The Laboratory of Alternative Energy and Nanotechnology represents a unique scientific and educational environment where innovative developments in renewable energy are seamlessly integrated with the training of a new generation of engineers. Through the close integration of research, practice, and education, the laboratory plays a vital role in advancing sustainable energy technologies and building scientific capacity.

CONCLUSION: ENERGY BEGINS WITH PEOPLE The transition to green energy is not only a matter of infrastructure. It is, above all, a matter of human capital. Universities play a key role in shaping the intellectual foundation of the future economy, laying the scientific and engineering groundwork for sustainable development.

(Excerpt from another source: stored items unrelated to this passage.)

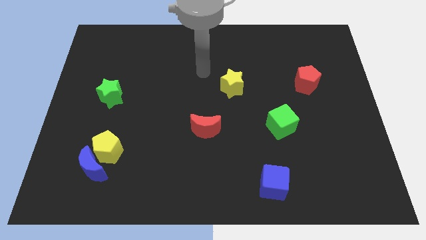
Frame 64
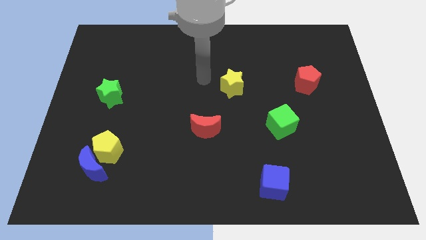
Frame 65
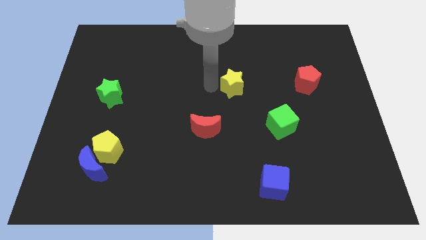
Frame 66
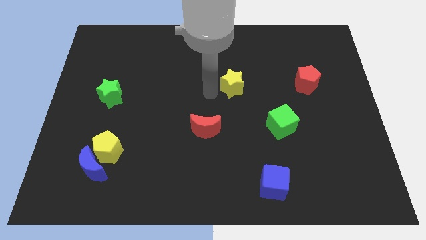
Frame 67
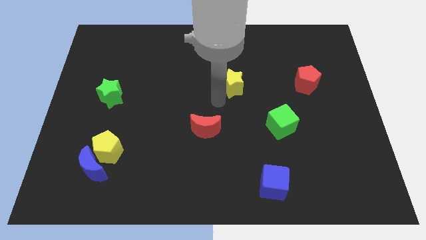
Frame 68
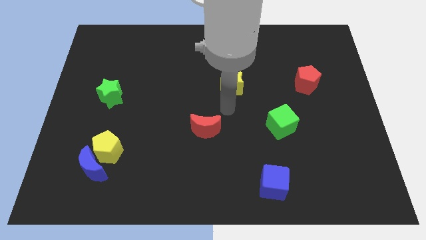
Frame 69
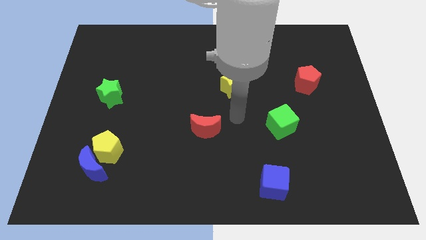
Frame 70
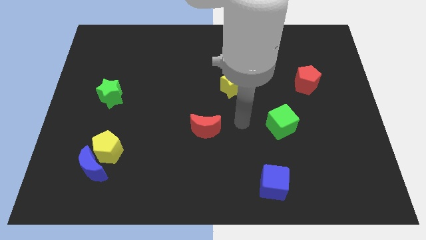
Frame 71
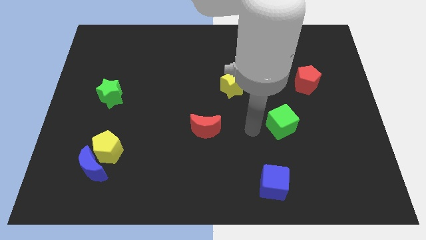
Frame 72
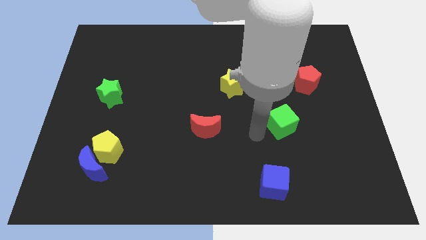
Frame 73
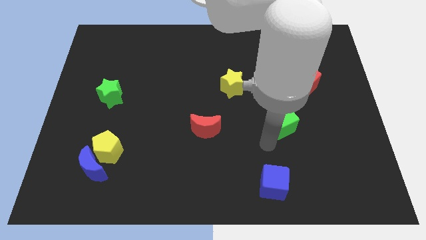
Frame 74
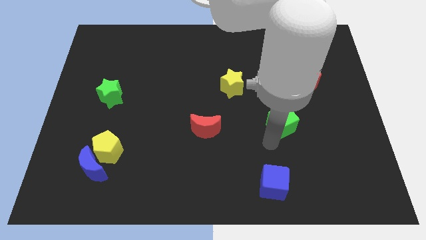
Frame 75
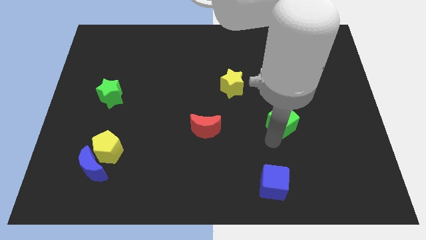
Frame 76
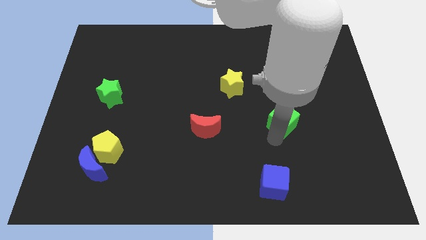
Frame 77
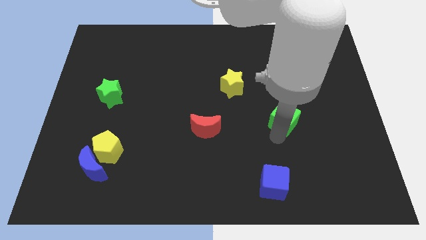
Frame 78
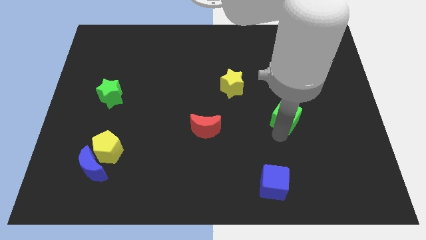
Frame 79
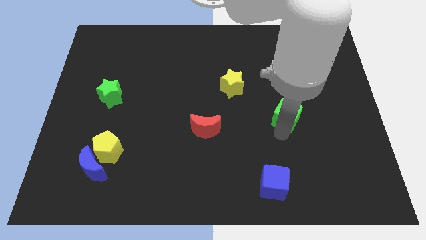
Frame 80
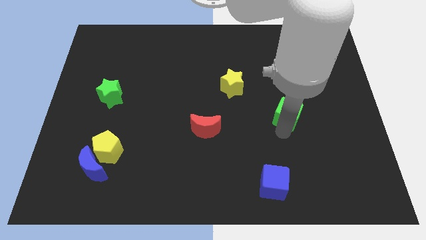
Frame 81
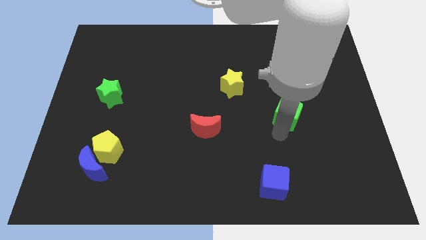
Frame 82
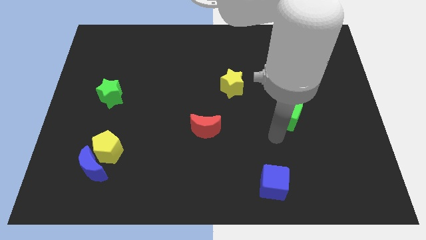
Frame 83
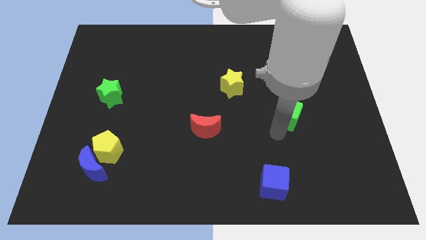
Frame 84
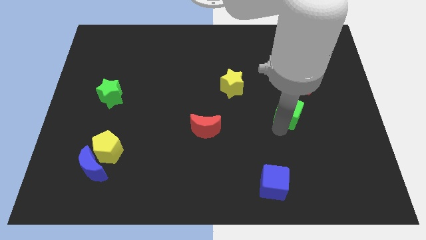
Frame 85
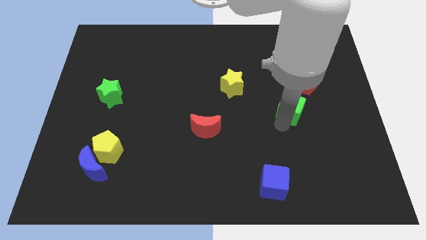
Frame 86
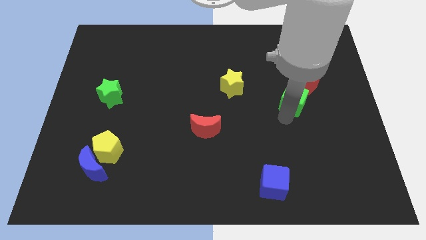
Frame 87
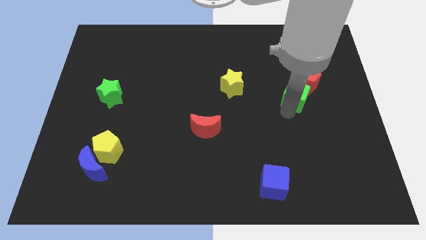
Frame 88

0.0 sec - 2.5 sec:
put the green cube close to the red pentagon

The School of Materials Science and Green Technologies, together with its research laboratories, serves as a vital part of this system at KBTU, where education, science, and innovation converge. In the face of global challenges and climate uncertainty, this is where the engineers of the future are being trained—those who both understand why humanity needs energy and know how to create it for the common good using green technologies.